My assessment yesterday was that both of them have toned down their views to appeal to a political agenda, rather than giving accurate interpretations of what is going on. One week they say this, and one week they say that was the thought.

Yet, after Chairman Bernanke gave his report to Congress yesterday, he seemed to play both cards on the same day – in the span of an hour, in front of the same panel, painting optimism and caution all at once.

In his remarks, the Fed Chairman said that he believes that the economy is moving along well for the situation and that he feels that the US can and will see growth in the coming months – that the recovery is poised to begin in the latter part of 2009.

Yet, only 15 minutes later he began to speak of a high unemployment rate, one that is at levels that were unanticipated, one that is expected to continue to grow through the end of the year.

He also spoke of a tight credit market which is squeezing consumers, even ones who traditionally have had great credit are finding it hard to manage in this climate. He spoke of record low real-estate prices which inhibit refinancing and have caused many relying on income from property bought at high prices to take monthly losses from leases and rental agreements.

As Mr. Bernanke spoke, the Dollar, which was down most of the day on a continued risk appetite rally, turned upward, then downward, then upward again – as if the Forex traders and those Forex online professionals tracking his words on the internet could not figure out where he was going.

This is a problem, a big one as I see it, because Mr. Bernanke’s role was, traditionally, to sober up the euphoria that exists or confirm that all is OK – not paint two pictures with one speech.

His predecessor, Alan Greenspan, was noted for his “party-pooping” ways – not giving in the political agenda’s of the administrations he served under – he served four presidents from Reagan to Bush 2.

Greenspan called the internet bubble two years before it happened – “irrational exuberance” he called the fervor with which public offerings were being valuated. He criticized presidential policy when he thought it was harming the economy – like with his testimony in Congress over Bill Clinton’s proposed health care reform – which ultimately failed before it even got to a vote in Congress.

This is the kind of honest and unbiased judgments the Central Bank chair needs to give – and what Bernanke did was coddle the administration of Obama, colluding with them so as not to cause any panic that might jeopardize Obama’s policy initiatives.

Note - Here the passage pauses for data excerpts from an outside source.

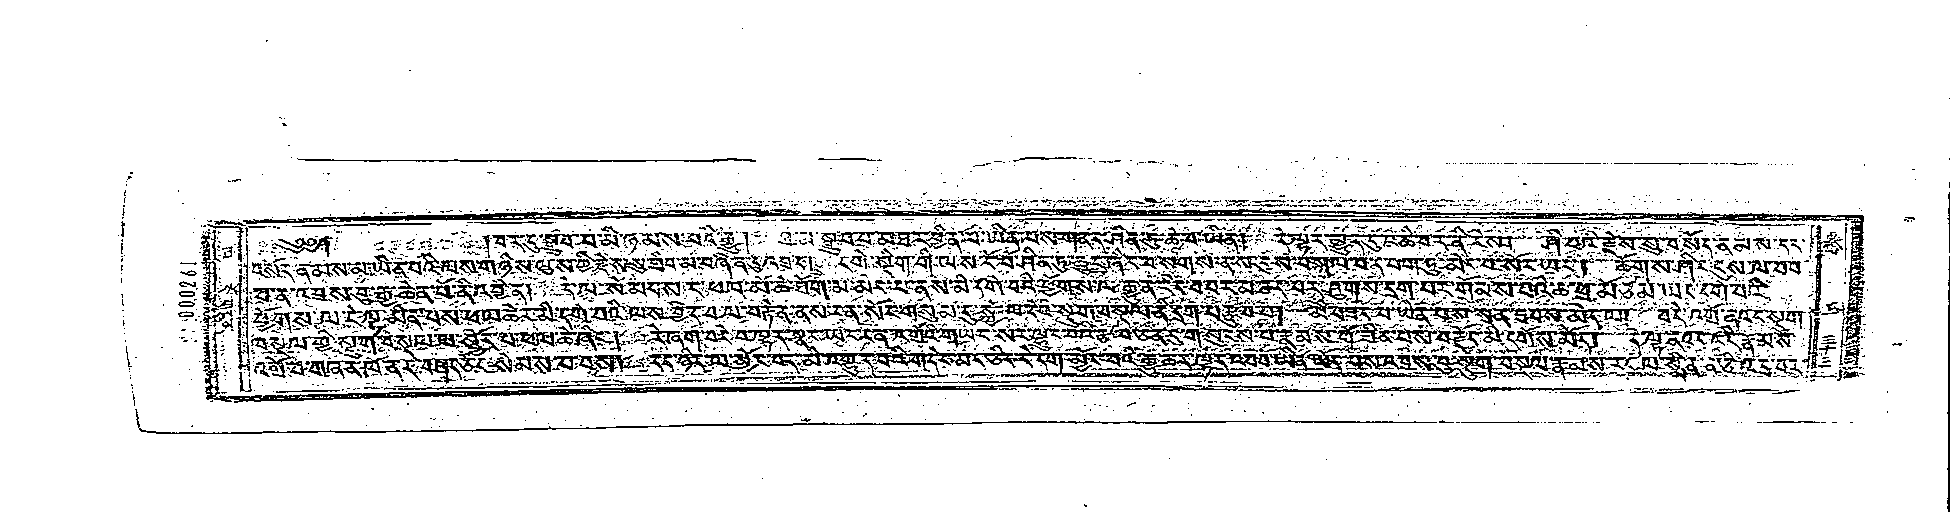༄༅། །བར་དུ་སྒྲུབ་བ་མི་ཉམས་པའི་རྒྱུ། ཐ་མ་སྒྲུབ་པ་མཐར་ཕྱིན་པ་ཡིན་པས་གནད་ཤིན་ཏུ་ཆེ་བ་ཡིན། དེ་ལྟར་མྱུར་དུ་འཆི་བར་ནི་ངེས། ཤི་བའི་རྗེས་སུ་བསོད་ནམས་དང་
བསོད་ནམས་མ་ཡིན་པའི་ལས་གཉིས་ལུས་ཀྱི་རྗེས་སུ་གྲིབ་མ་བཞིན་དུ་འཐང་། དགེ་སྡིག་གི་ལས་ངོ་བོ་ཤིན་ཏུ་ཆུང་ཞིང་བསགས་ནས་དུས་བསྐལ་པ་དཔག་ཏུ་མེད་པ་སོང་ཡང་། ཚོགས་ཤིང་དུས་ལ་བབ་
པ་ན་འབྲས་བུ་རྒྱ་ཆེན་པོ་ནི་འབྱིན། རེ་ལ་སེམ་བསང་ཕལ་མོ་ཆེ་ཐོག་མ་མེད་པ་ནས་མི་དགེ་བའི་ཕྱོགས་ལ་རྒྱུན་རིང་བ་བར་མ་ཆད་པར་ཤུགས་དྲག་པར་གོམས་པའི་ཆ་ཕྲ་མོ་ཙམ་ཡང་དགེ་བའི་
ཕྱོགས་ལ་དེ་ལྟ་མིན་པས་ཕལ་ཆེར་མི་དགེ་བའི་ལས་བྱེད་བ་ལ་བརྟེན་ནས་ངན་སོང་གསུམ་དུ་སྐྱེ་ལ་དེའི་སྡུག་བསྔལ་ནི་དྲག་པ་རྩུབ་པ། མི་བཟང་པ་ཡིན་བས་སྲན་ཐབས་མེད་ལ། བདེ་འགྲོ་ནའང་སྡུག་
བསྔལ་གྱི་སྡུག་བསྔལ་ལ་སྤྱོད་པ་ཕལ་ཆེ་ཞིང་། རེ་ཞག་བདེ་བ་ལྟར་སྣང་ཡང་ངན་འགྲོའི་གཡང་སར་ལྷུང་བའི་རྩ་བ་ཅན་དུ་གསུངས་བ་རྣམས་གོ་ཟིན་པས་བརྗོད་མི་དགོས་མོད། དེ་ལྟ་ནའང་འདི་རྣམས་
འགྲོ་བ་གཞན་ཁོ་ནར་བཤད་ཅིང་སེམས་བ་བས། རང་ཉིད་ལ་མྱོང་བར་མི་འགྱུར་བའི་གདེང་མེད་ཅིང་དེ་དག་མྱོང་བའི་རྒྱུ་ཆར་ལྟར་འབབ་ཡིན་ཡོད་པས་འབྲས་བུ་སྡུག་བསྔལ་རྣམས་རང་ལ་སྨིན་ན་ཅི་འདྲ་བར་

Forex traders are becoming less trustful of the Central Bank heads, and it is a problem as this is how fundamental trading is done. It used to be a reliable source of information that would directly affect the currencies of a specific country – now it is taken in stride like a stump speech before an election.

Obama is looking to overhaul the Health Care system by pushing through a bill that will cost more than 1 Trillion Dollar according to the Congressional Budget Office.

This is a bill he has even acknowledged that he has not read – and is making contradictory statements about what it contains because he really has no idea what is in it.

A dire economic outlook would kill it – and trust me, it is losing support by the day right now. Bernanke for his part, is up for re-nomination in January. It is widely expected that Obama’s senior political advisor, Larry Summers, will be the one tapped for the role instead of Bernanke, who was a Bush 2 appointee.

Bernanke would serve his job better, serve the people of America better and serve the Forex traders better if he would focus on his current job, and not worry about keeping it come next year. Chances are, he is not even in the running now anyway, and all this back and forth to help Obama is not going to change that.